Thursday, May 29, 2025
HomeOpinionA call for balance: Reservation, reform, and the right to opportunity

A call for balance: Reservation, reform, and the right to opportunity

Education has always been regarded as the great equalizer. the one tool through which individuals, regardless of their background, could shape their future. with this belief, I pursued my academic journey with dedication, completing both my Master (M.A) and Bachelor of Education (B.Ed.). As a member belong of the Rengma community, which is small and often left unheard, I knew that I would have to work twice as hard to make a place for myself in the competitive world.

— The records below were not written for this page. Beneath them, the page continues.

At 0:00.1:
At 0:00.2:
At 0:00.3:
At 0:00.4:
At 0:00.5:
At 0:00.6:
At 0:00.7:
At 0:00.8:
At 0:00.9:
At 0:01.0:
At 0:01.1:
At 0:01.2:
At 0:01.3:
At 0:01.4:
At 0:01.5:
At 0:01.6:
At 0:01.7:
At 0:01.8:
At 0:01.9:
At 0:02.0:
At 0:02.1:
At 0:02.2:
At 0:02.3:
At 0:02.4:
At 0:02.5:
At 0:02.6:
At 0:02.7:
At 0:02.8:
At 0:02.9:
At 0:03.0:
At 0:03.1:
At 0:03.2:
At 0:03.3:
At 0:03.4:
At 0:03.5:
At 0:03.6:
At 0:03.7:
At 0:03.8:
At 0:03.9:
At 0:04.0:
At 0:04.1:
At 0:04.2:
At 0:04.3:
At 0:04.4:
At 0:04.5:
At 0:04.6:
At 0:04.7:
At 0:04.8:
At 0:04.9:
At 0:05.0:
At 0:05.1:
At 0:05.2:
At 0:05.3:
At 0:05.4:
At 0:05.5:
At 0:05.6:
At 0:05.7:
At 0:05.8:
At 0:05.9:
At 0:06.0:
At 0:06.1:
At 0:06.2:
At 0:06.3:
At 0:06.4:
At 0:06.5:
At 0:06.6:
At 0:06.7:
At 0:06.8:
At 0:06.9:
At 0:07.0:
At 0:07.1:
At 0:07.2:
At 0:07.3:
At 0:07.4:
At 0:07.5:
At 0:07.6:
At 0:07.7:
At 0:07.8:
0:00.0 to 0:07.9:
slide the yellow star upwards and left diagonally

Throughout my School, college and university, I consistently performed better than many of my peers (although not as a Topper). My marks, attendance, and involvement in academic life all reflected my commitment. I stayed up late preparing for exams, sacrificed time with family, and pushed myself every single day, not because I was competing with others, but because I was competing with my own limitations and dreams.

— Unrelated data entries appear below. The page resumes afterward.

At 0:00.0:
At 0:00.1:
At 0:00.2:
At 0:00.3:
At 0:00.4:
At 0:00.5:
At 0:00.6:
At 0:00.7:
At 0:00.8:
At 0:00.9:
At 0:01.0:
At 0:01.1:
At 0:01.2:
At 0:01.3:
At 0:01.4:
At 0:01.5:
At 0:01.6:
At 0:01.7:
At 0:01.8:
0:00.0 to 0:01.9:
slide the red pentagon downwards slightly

Yet today, I find myself disheartened and disillusioned.
Many of those who scored significantly lower than me in school, college, and university exams are now holding secure government jobs. They have moved on with stable careers, while I am still struggling, submitting application after application, sitting for exam after exam, and waiting for that one opportunity to prove myself.
I do not blame them. Nor do I oppose the idea of reservation.

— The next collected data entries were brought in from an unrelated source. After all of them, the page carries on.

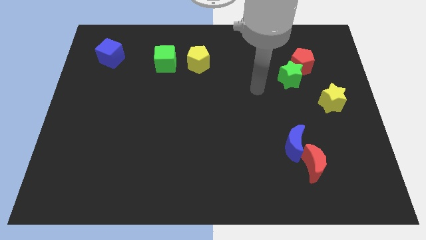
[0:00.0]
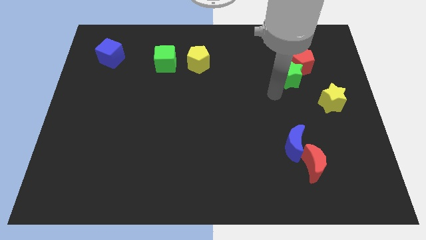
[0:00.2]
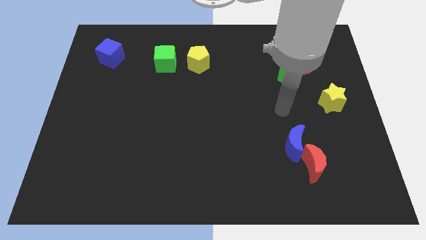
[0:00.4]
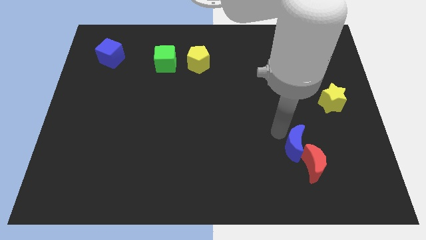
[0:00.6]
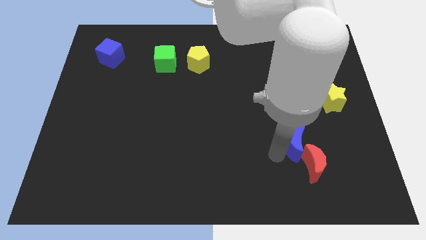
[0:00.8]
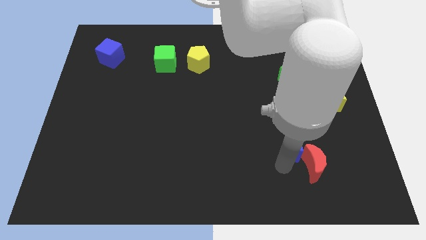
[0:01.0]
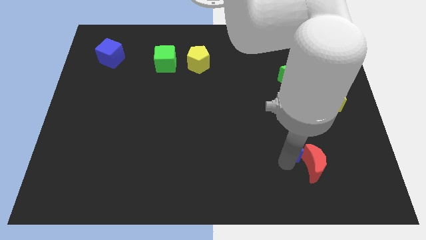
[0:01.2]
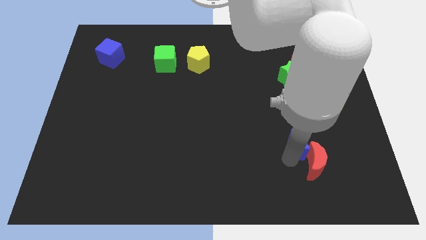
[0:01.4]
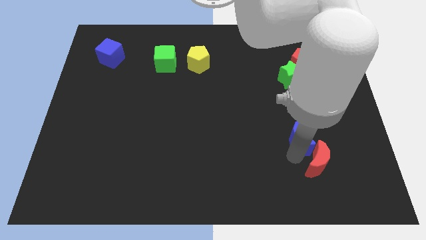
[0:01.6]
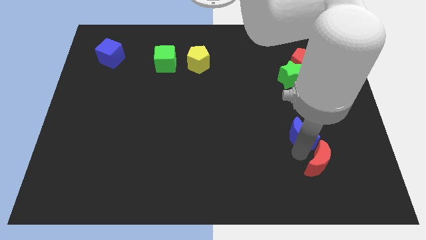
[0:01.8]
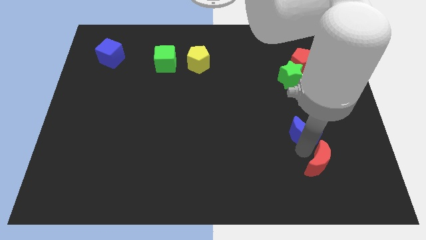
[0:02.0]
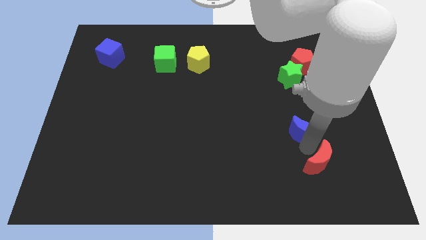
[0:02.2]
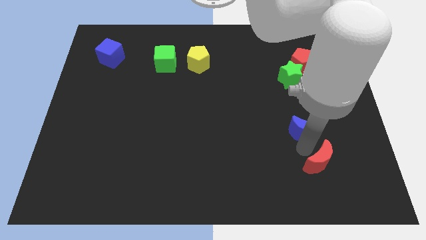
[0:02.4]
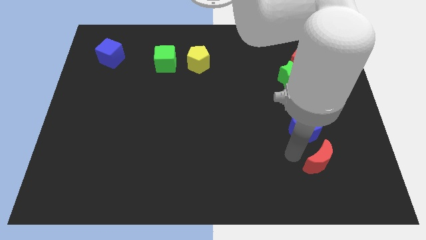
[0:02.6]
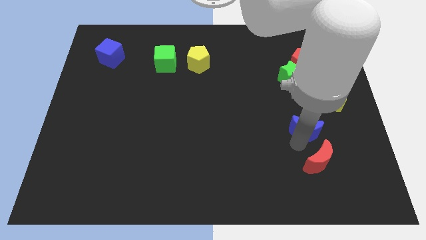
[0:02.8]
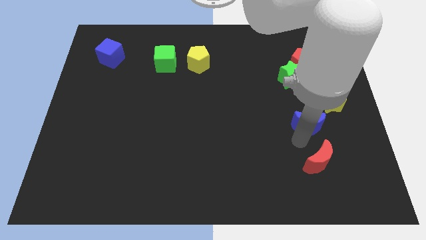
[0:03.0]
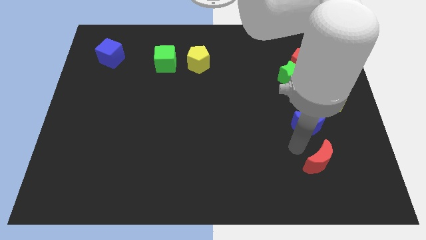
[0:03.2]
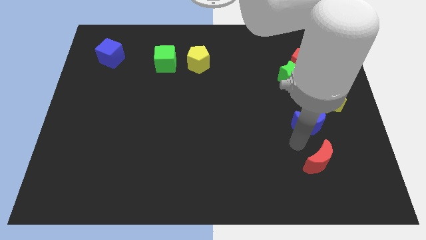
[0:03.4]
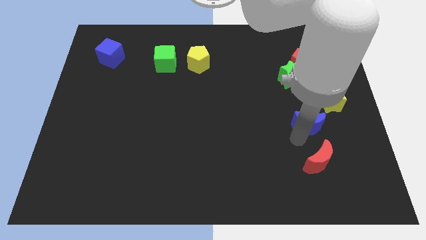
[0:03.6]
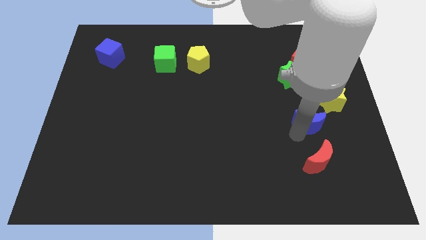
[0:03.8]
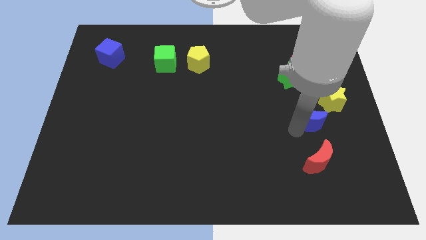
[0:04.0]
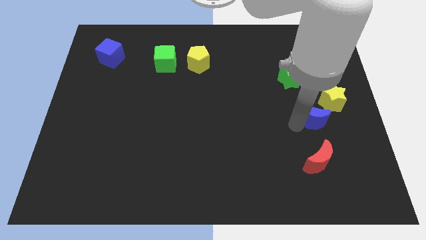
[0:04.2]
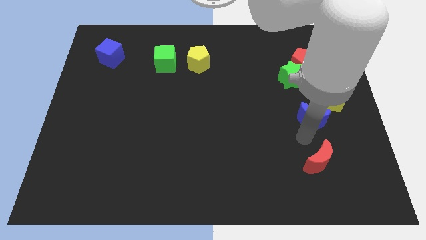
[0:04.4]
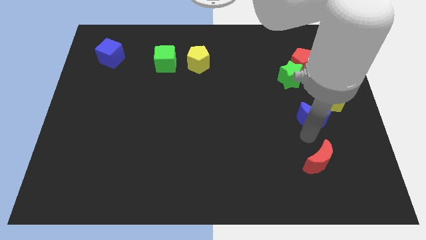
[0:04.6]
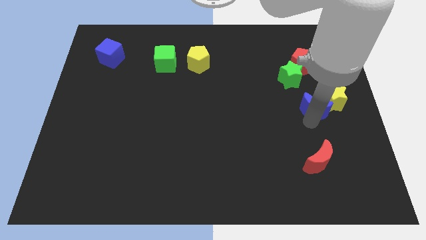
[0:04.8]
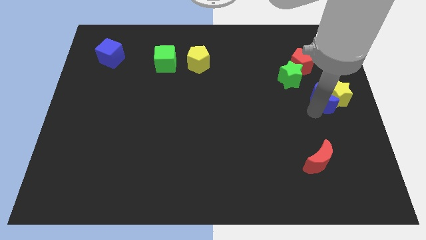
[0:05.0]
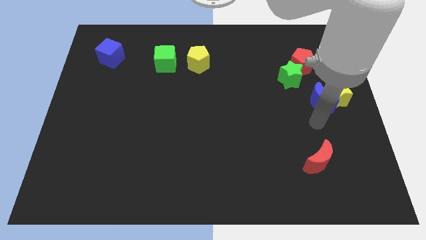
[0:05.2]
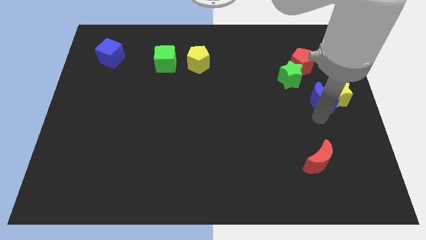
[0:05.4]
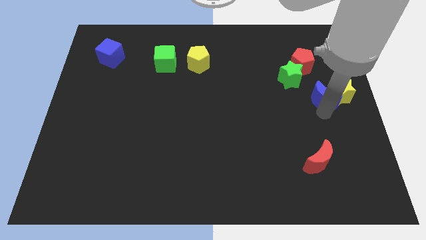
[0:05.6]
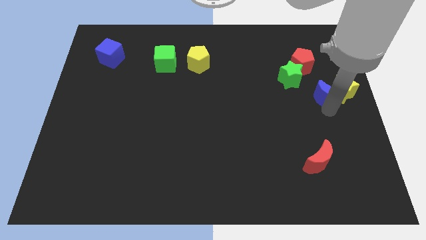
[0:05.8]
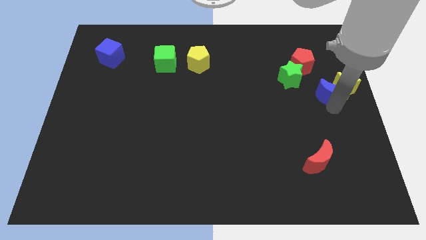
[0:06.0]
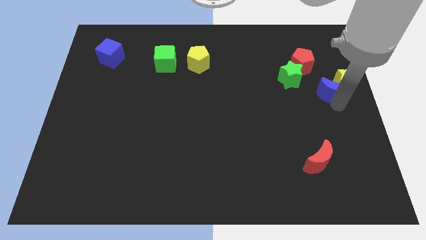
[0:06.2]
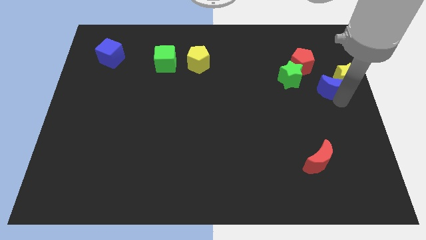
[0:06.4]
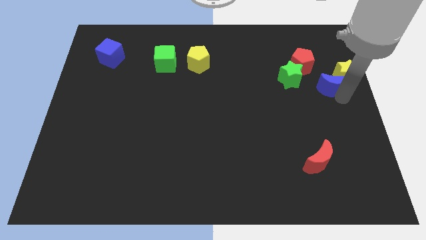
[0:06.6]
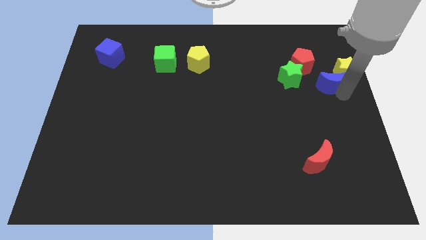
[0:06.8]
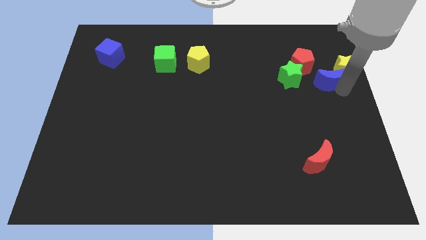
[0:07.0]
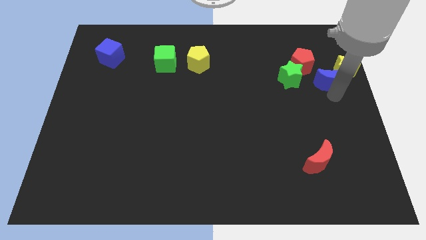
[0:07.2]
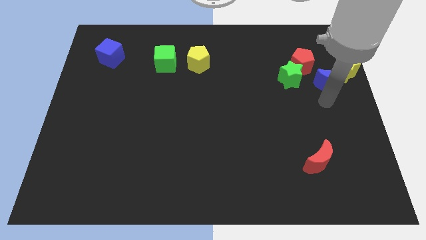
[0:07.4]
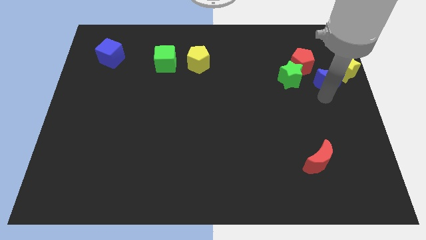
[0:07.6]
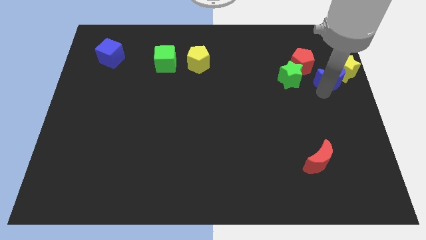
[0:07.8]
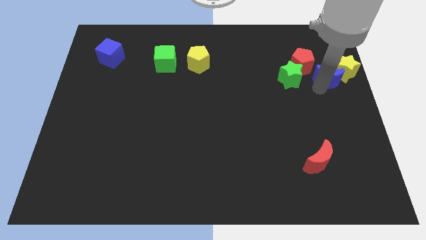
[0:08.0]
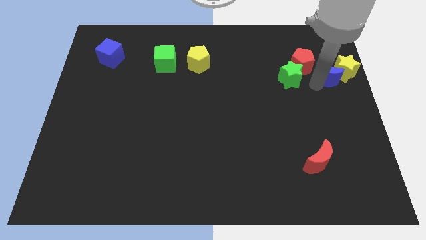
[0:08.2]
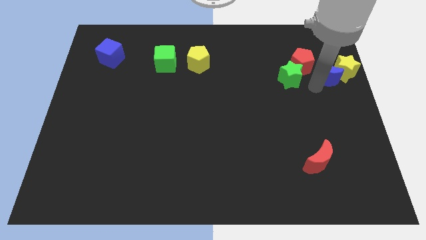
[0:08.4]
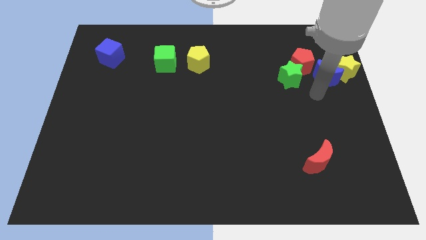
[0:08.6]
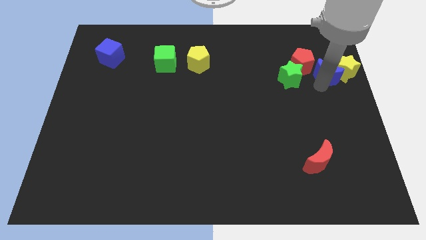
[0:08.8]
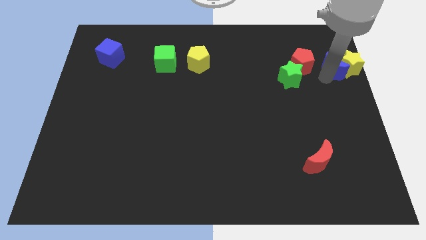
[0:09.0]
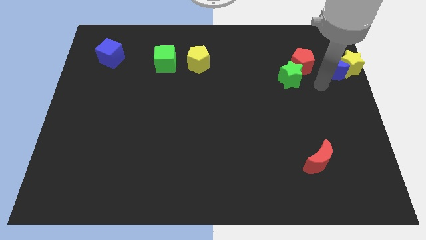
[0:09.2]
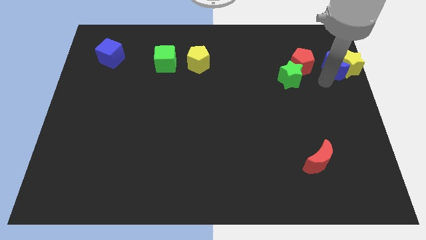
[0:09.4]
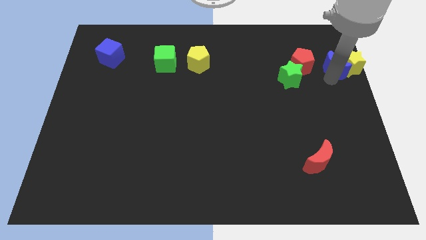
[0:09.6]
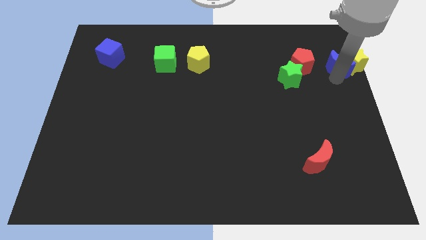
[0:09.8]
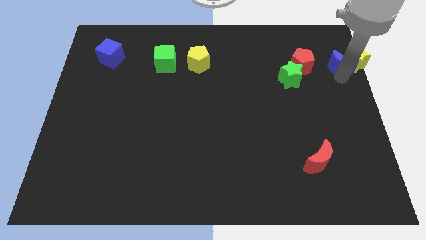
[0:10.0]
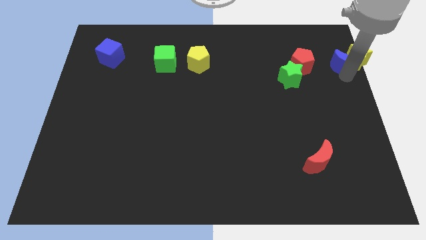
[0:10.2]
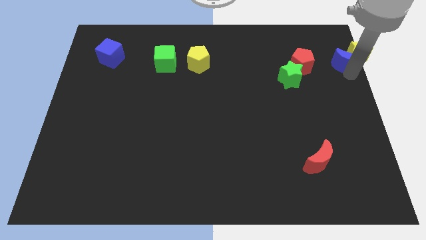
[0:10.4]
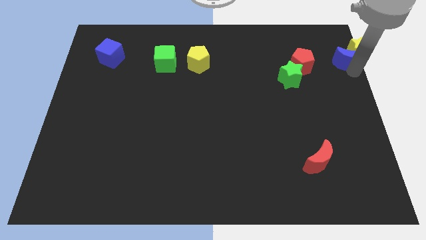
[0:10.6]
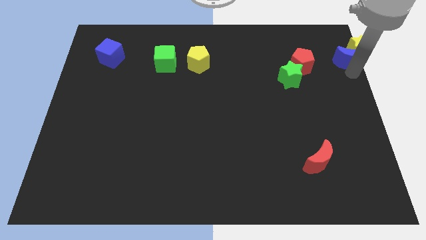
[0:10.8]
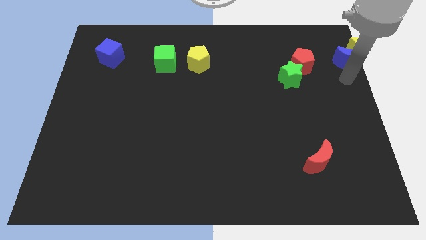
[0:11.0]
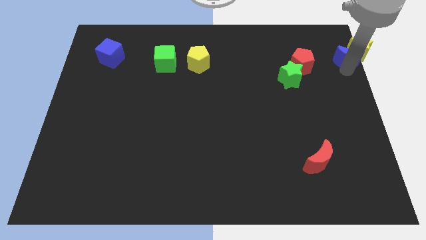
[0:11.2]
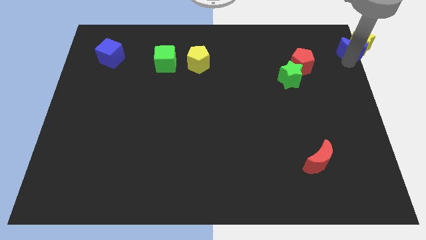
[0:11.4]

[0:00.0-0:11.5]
put the blue moon to the top right

Let me say this clearly, I am not against the reservation system, I fully understand why it exists. India’s caste and community-based disparities have historically excluded many from opportunities, and reservation is one of the ways to address that injustice. It is a constitutional provision that has uplifted many and rightly so.
But when a system becomes rigid and starts benefiting only those who have already risen above their challenges, those who now have economic strength, good networks, and access to coaching and guidance it begins to create a new kind of injustice, A silent one. and unfortunately, people like me are at the receiving end of it.
The Rengma community, like several others, is often overshadowed by larger, more politically influential groups. We don’t have strong representation in decision-making spaces, and we lack the socio-political leverage to demand what is due to us. Many of our young people are highly educated, yet unemployed. They are losing faith not just in the system, but in the very idea that hard work matters.
And the emotional toll is not small. Imagine putting in years of effort, only to realize that your qualifications don’t carry the same weight as a certificate of category. Imagine feeling invisible not because you haven’t done enough, but because the system doesn’t recognize your struggles.
This is not a call to end reservation, this is a call to reform it.
To make it more dynamic, more just, and more inclusive.
To ensure that it reflects the current ground realities, not just historical narratives.
We need a reservation policy that includes parameters like income, geographic remoteness, and educational disadvantage factors that cut across community lines. We need a system that identifies and uplifts the actually marginalized, not just the technically eligible.
Our youth deserves better. Our efforts deserve recognition. And our voices deserve to be heard.
I still believe in education. I still believe in fairness. But above all, I believe it’s time for a conversation on how we can build a system where no deserving individual regardless of community is left behind.
This is not a complaint. It is a truth.
This is not an attack. It is a plea.
And this is not anger. It is a cry for justice.